Aucune embellie depuis la sortie de l’arrêt de la HCC



Jacaranda

Deux mois après le début des manifestations sur la place du 13 mai, on ne voit pas encore le bout du tunnel. L’espoir d’une sortie de crise après l’arrêt de la HCC a fait long feu. La nomination d’un Premier ministre de consensus ne semble plus d’actualité après les réserves émises par les membres du TIM et les contestations des partisans du régime sur les prétentions du MAPAR. Le CFM a donc espéré pouvoir débloquer la situation en organisant ce sommet au CCI Ivato. Trois des principaux intéressés ont boudé la réunion qui ne va pas déboucher sur l’accord politique mentionné dans le jugement de la HCC. La mise en garde des forces armées faisant référence à l’instauration d’un état d’exception, alourdit un peu plus un climat politique passablement tendu. Les rassemblements organisés par les enseignants grévistes devant le ministère de l’Education Nationale ne facilitent pas l’apaisement cherché en ce moment. Le régime a donc beau jeu de stigmatiser l’attitude plutôt rigide de ces derniers. Le blocage de la machine administrative organisé comme moyen de pression sur le pouvoir, ne semble pas encore porter ses fruits. Les effets commencent cependant à se ressentir dans la vie quotidienne des citoyens. Mais pour le moment, la population accepte ces désagréments car elle comprend les enjeux de ce bras-de-fer. Mais, le régime essaie d’en tirer parti.

Sur le plan international, c’est l’instauration de taxes sur les produits importés aux Etats-Unis par l’administration de Donald Trump qui provoque des remous dans les pays touchés. Le Canada a répliqué en faisant payer 16 milliards de droit de douane à certaines marchandises américaines. L’Europe n’est pas en reste, et les ministres des finances réunis à Bruxelles ont clairement laissé entendre que leurs pays ne se laisseraient pas faire et allaient porter plainte contre les Etats-Unis devant l’OMC. Les analystes estiment que Donald Trump, en agissant ainsi, pense à son électorat et qu’il a en vue les élections sénatoriales du mois de novembre prochain.
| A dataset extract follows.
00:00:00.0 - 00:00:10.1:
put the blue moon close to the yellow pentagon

Le sommet organisé entre le président des Etats-Unis et son homologue nord-coréen qui avait été annulé par Donald Trump, va peut-être quand même avoir lieu. Les observateurs ont fini par s’habituer aux foucades de ce dernier, et ne s’étonnent plus de ses revirements. Le bras droit de Kim Jung Un s’est rendu à Washington où il a été reçu cordialement. L’idée d’une nouvelle date pour une rencontre entre les deux chefs d’Etat fait son chemin. On dit qu’elle aura lieu à Singapour.
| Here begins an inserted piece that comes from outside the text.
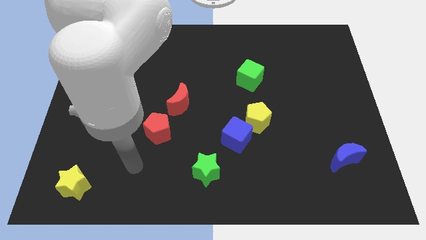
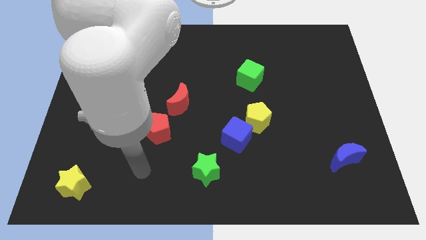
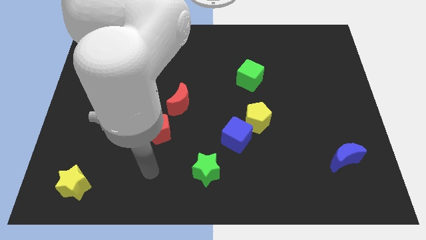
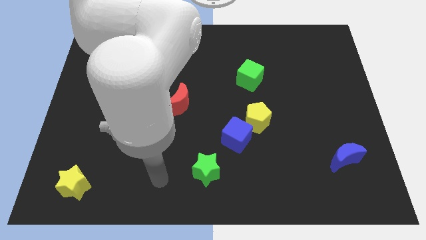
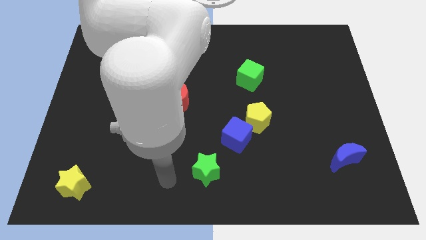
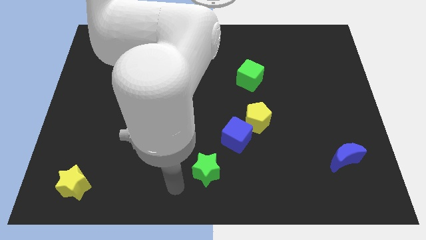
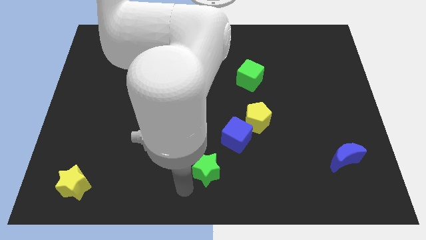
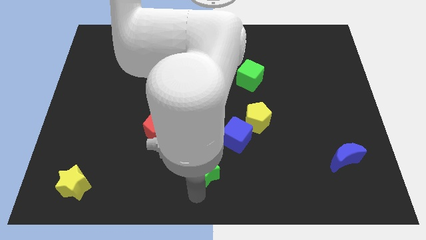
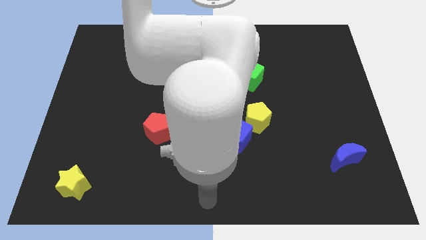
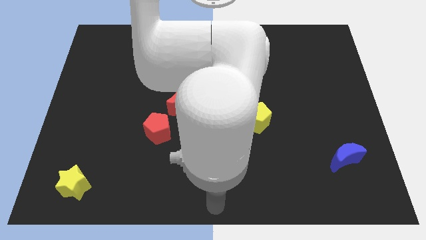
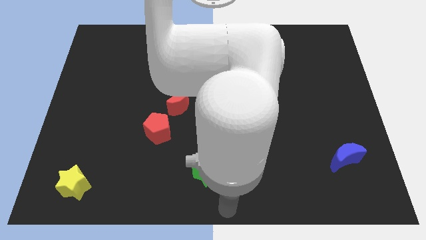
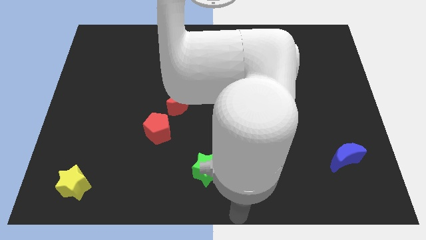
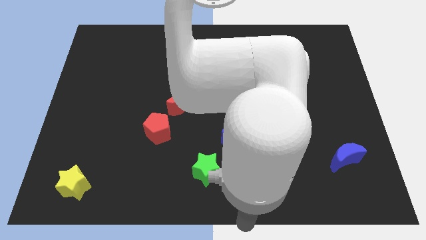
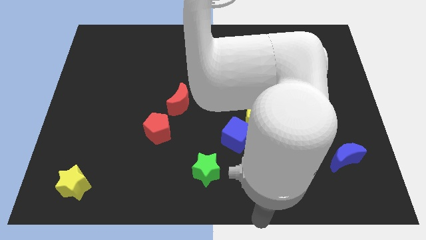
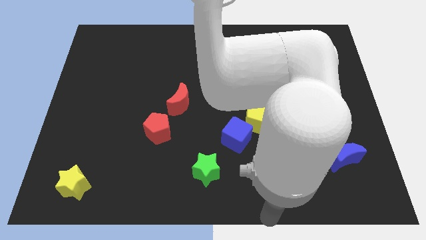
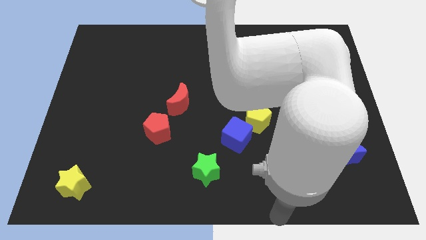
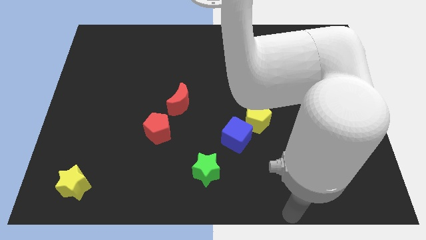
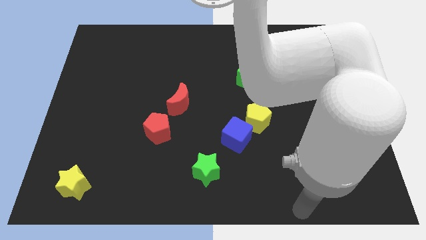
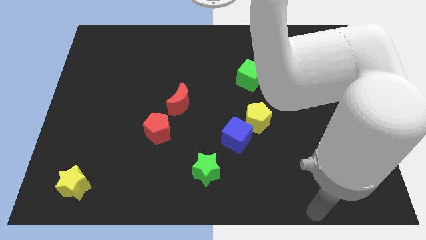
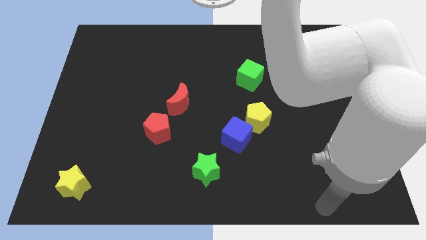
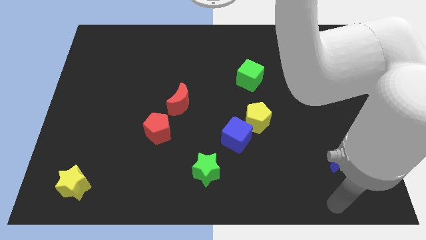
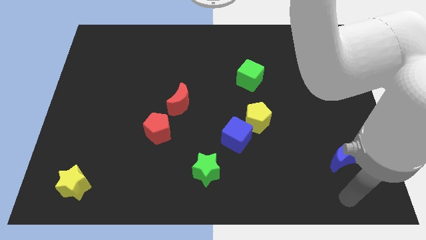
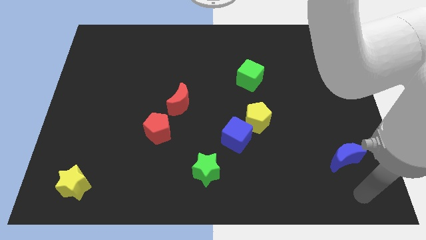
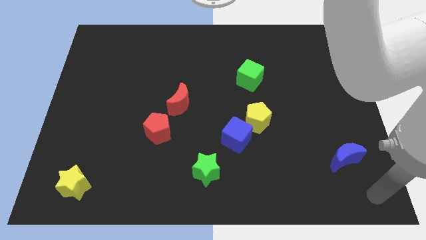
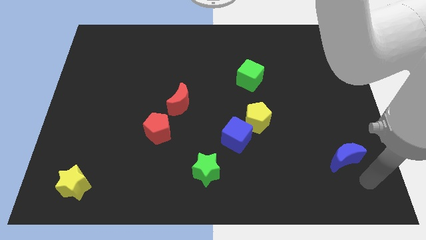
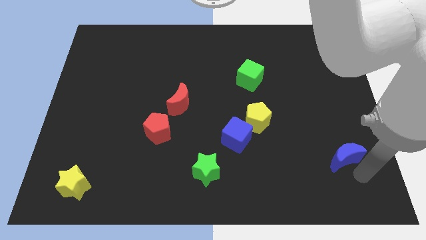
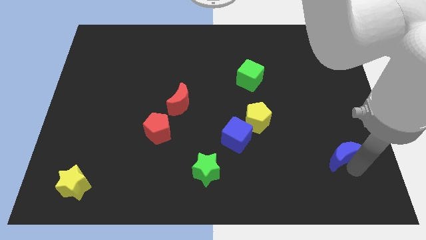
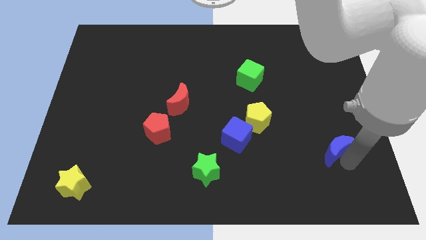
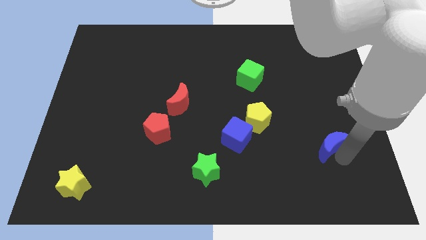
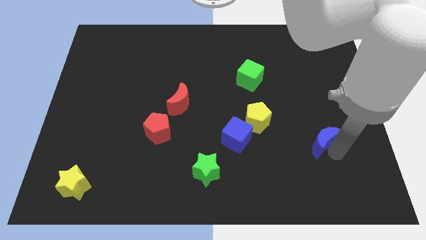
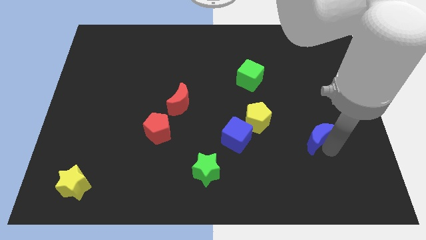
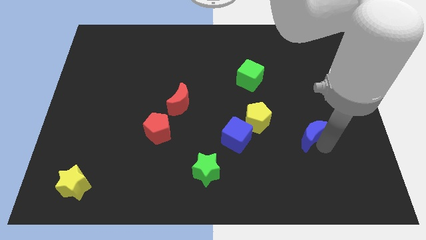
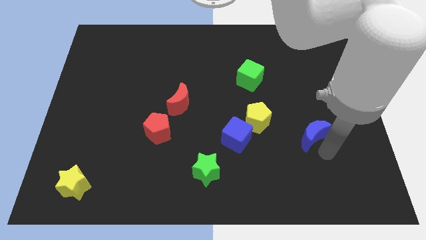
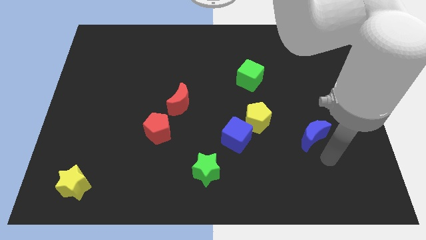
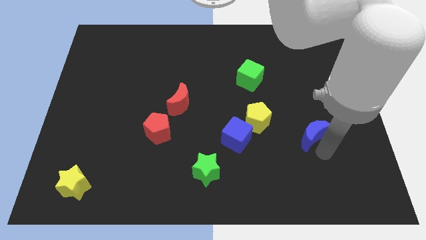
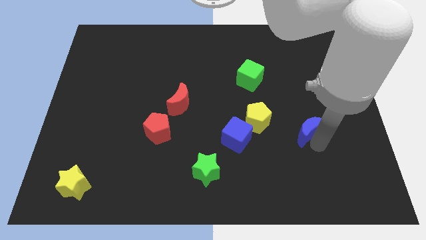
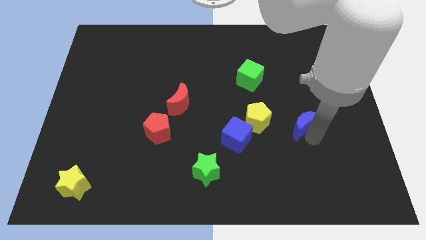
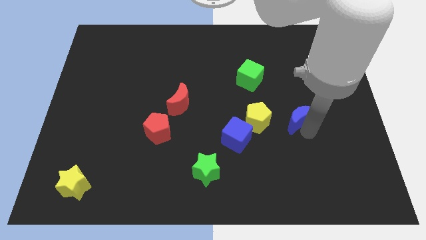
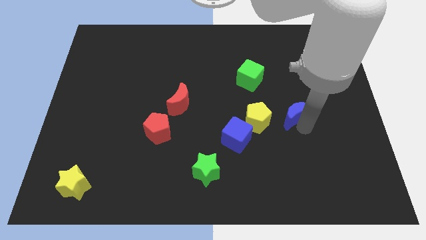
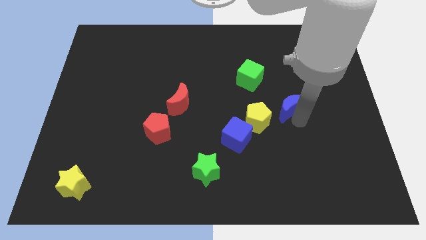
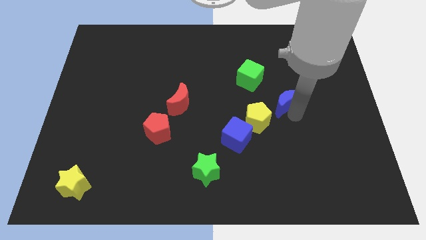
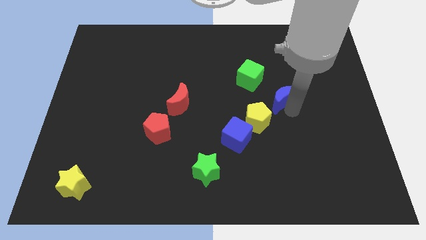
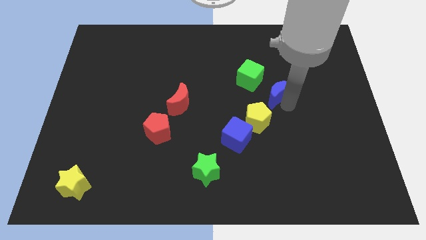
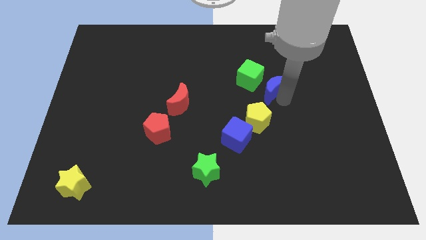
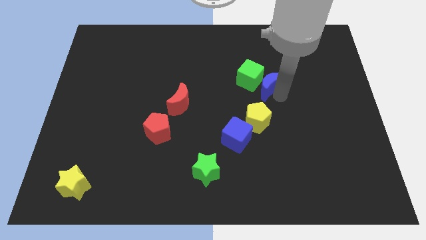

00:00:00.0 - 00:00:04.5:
move the blue moon next to the green cube

La crise qui a perturbé la vie politique italienne depuis une semaine a pris fin après la nomination des membres du nouveau gouvernement. Le président italien avait refusé les propositions des deux chefs de partis, vainqueurs des élections législatives. Matteo Saldini, le leader de la ligue du nord et Luigi Di Maio, le chef du parti « Cinq étoiles ». Il a finalement cédé et permis la mise en place de ce gouvernement atypique. Les deux formations sont eurosceptiques et provoquent la défiance de Bruxelles.

En Espagne, Mariano Rajoy a été poussé à la démission après un scandale de corruption ayant éclaboussé des responsables de son parti. La motion de censure déposée par le chef du parti socialiste, Pedro Sanchez, a été votée par une large majorité de députés. Ce dernier va donc former le nouveau gouvernement.

Pour le moment, il n’y a aucune éclaircie dans le ciel politique malgache. Aucune avancée n’a eu lieu depuis la sortie de l’arrêt de la HCC. L’opposition et le régime se regardent en chien de faïence, et la situation semble être bloquée. On attend donc la suite des événements avec une certaine inquiétude. L’opinion espère que le déblocage se fera très vite.